> [AIM OF THE EXERCISE]: The required output is the exact text of the lines from the line containing "1.8 s after image 1." through the final line below, inclusive, without pictures.

> [SOURCE DATA]:
# # # # # # #
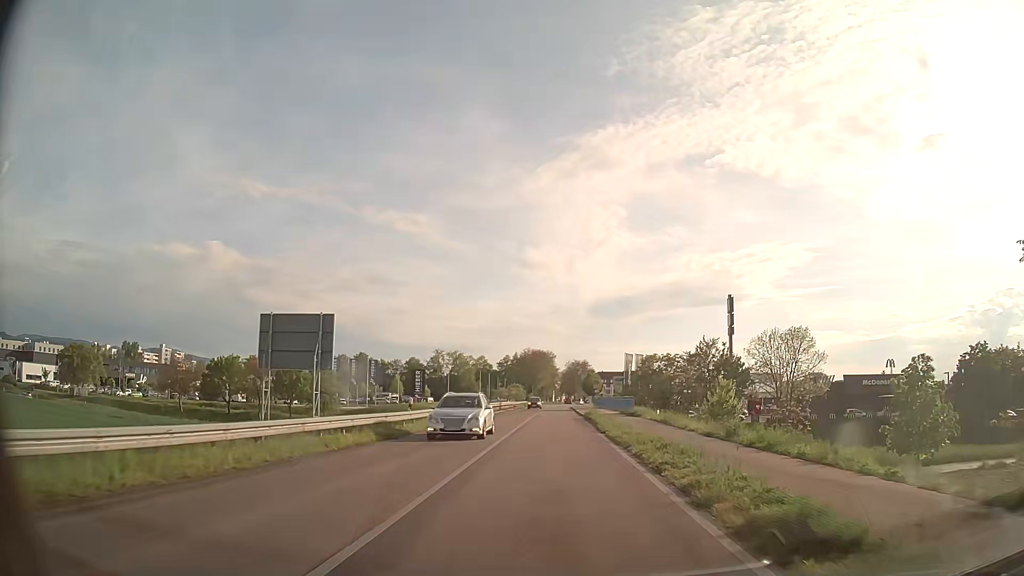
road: tertiary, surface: asphalt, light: Day
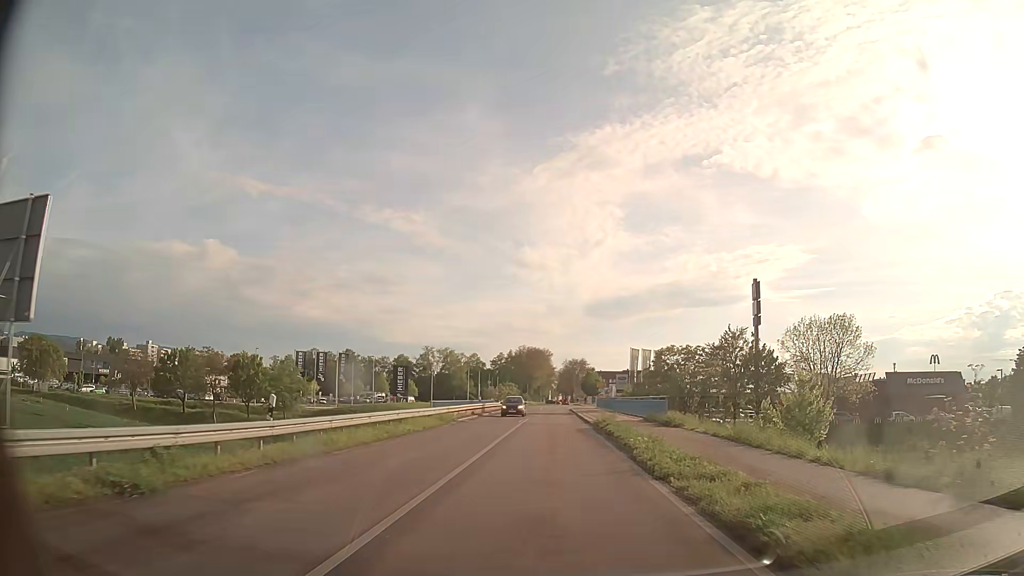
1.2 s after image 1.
(0.0, +13.8) m; 0°
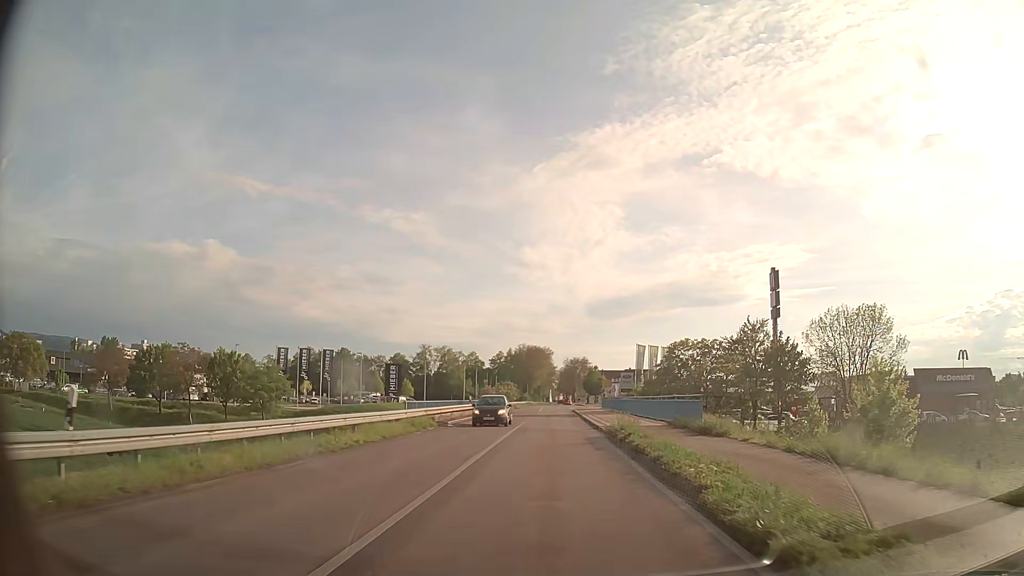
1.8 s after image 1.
(0.0, +6.8) m; 0°
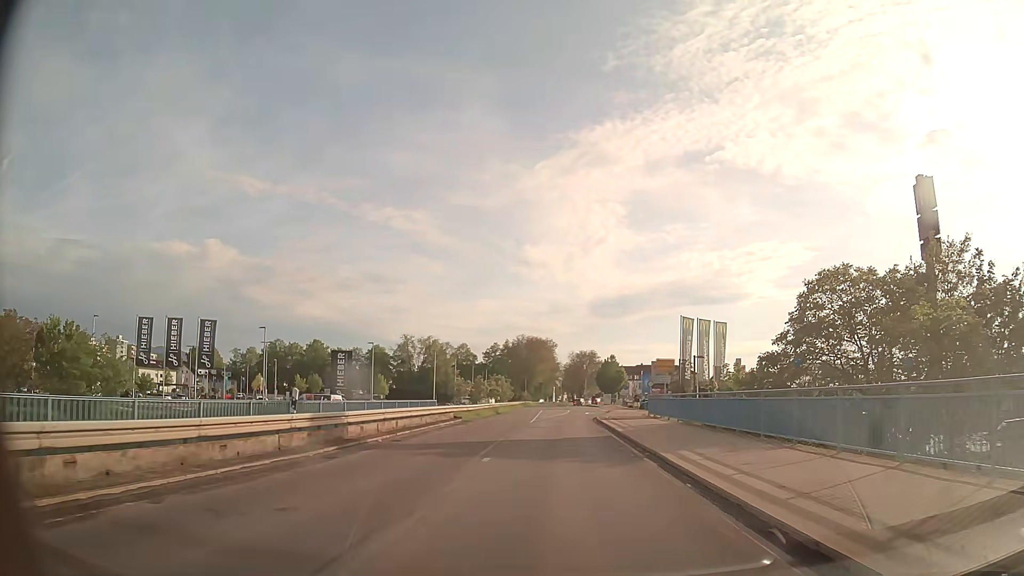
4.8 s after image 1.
(-0.1, +32.9) m; 0°
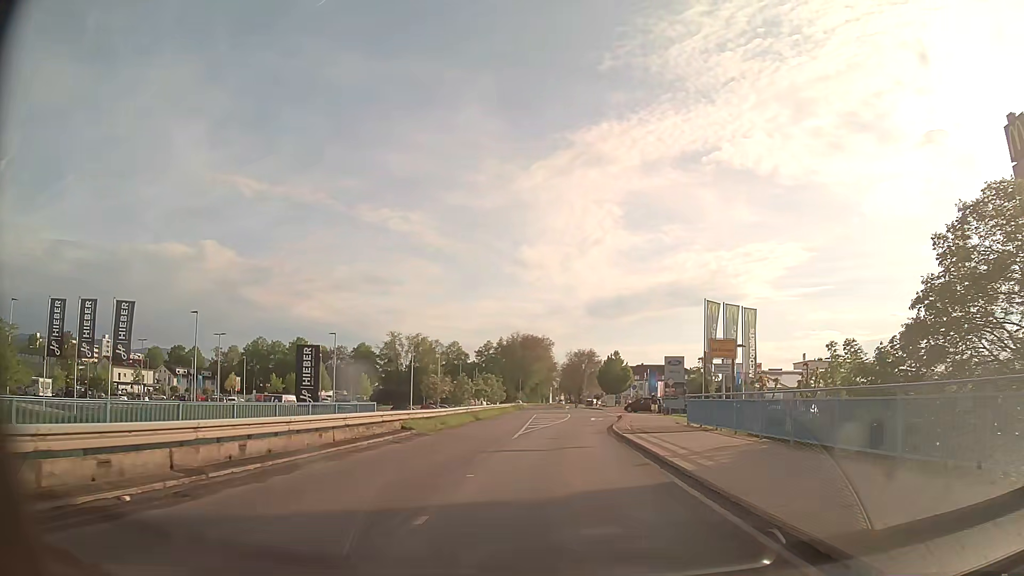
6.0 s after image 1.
(+0.1, +12.1) m; 0°
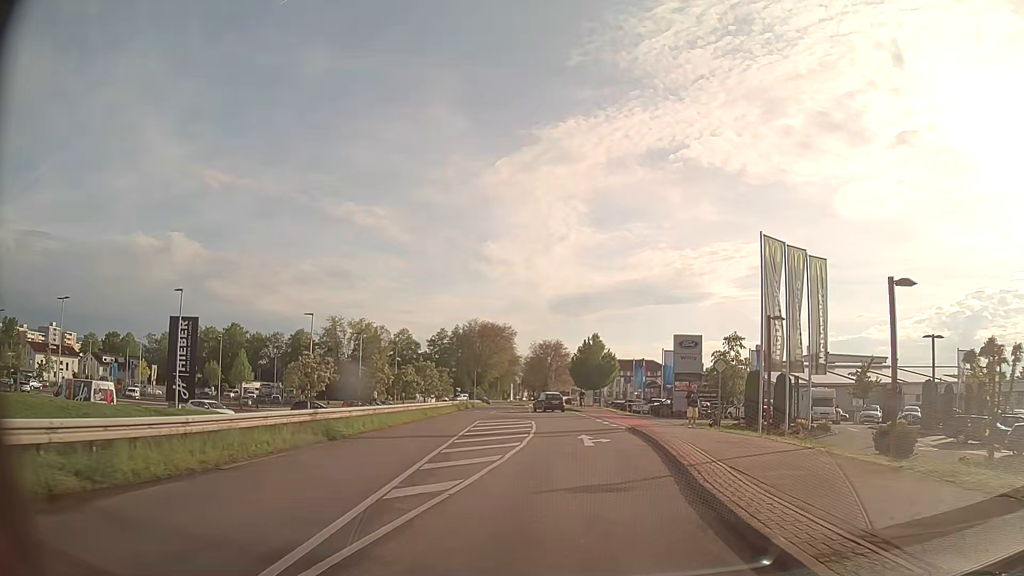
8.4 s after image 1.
(+0.5, +22.7) m; +3°
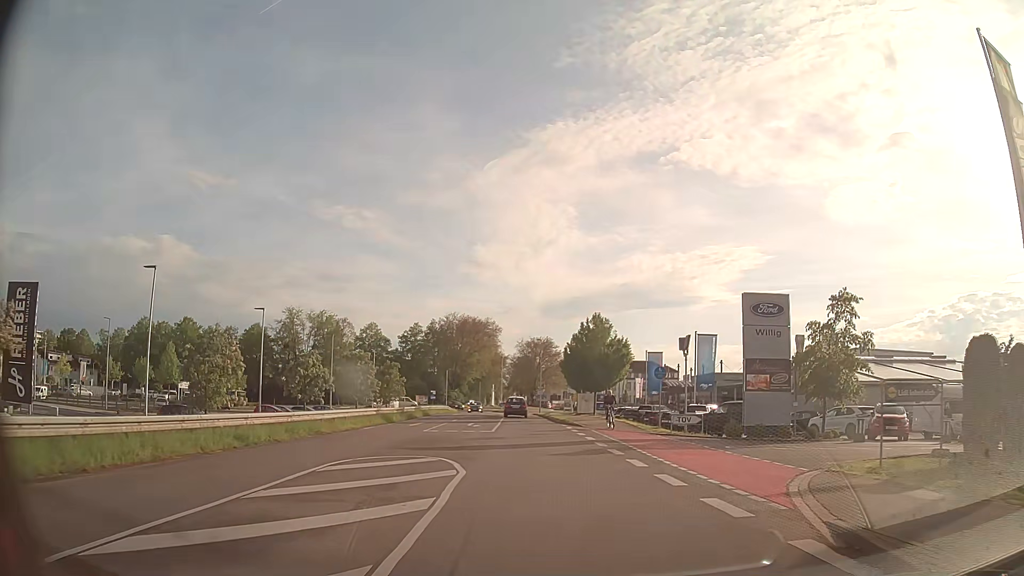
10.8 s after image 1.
(+0.6, +21.3) m; +1°
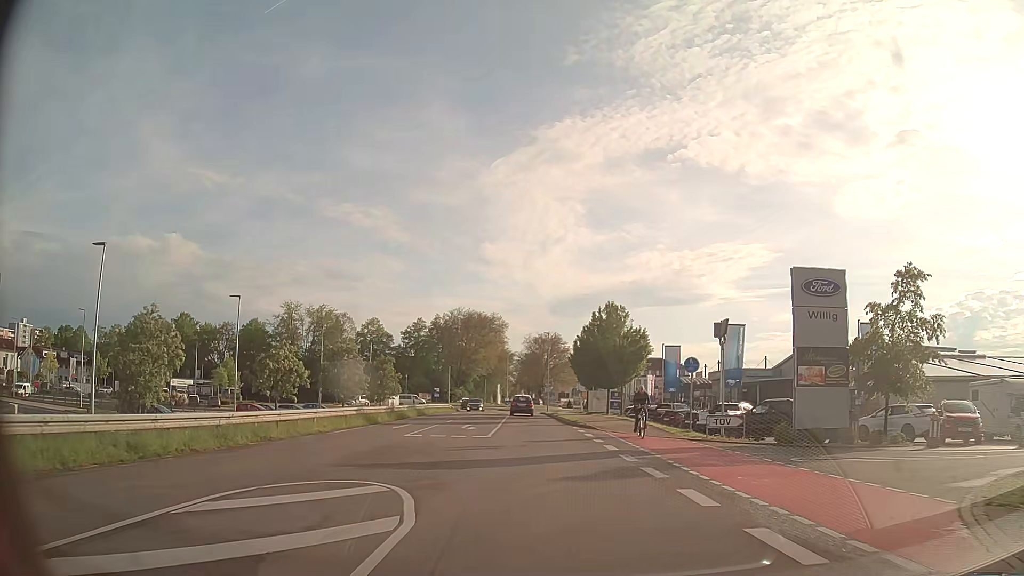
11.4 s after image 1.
(0.0, +5.2) m; -1°
(0, +10) (0, +20) (-1, +30) (-2, +40) (-2, +50) (-2, +60) (-3, +70) (-3, +80) (-3, +90) (-2, +100) m
# # # # # # #
> [ANSWER SPACE]:
1.8 s after image 1.
(0.0, +6.8) m; 0°
4.8 s after image 1.
(-0.1, +32.9) m; 0°
6.0 s after image 1.
(+0.1, +12.1) m; 0°
8.4 s after image 1.
(+0.5, +22.7) m; +3°
10.8 s after image 1.
(+0.6, +21.3) m; +1°
11.4 s after image 1.
(0.0, +5.2) m; -1°
(0, +10) (0, +20) (-1, +30) (-2, +40) (-2, +50) (-2, +60) (-3, +70) (-3, +80) (-3, +90) (-2, +100) m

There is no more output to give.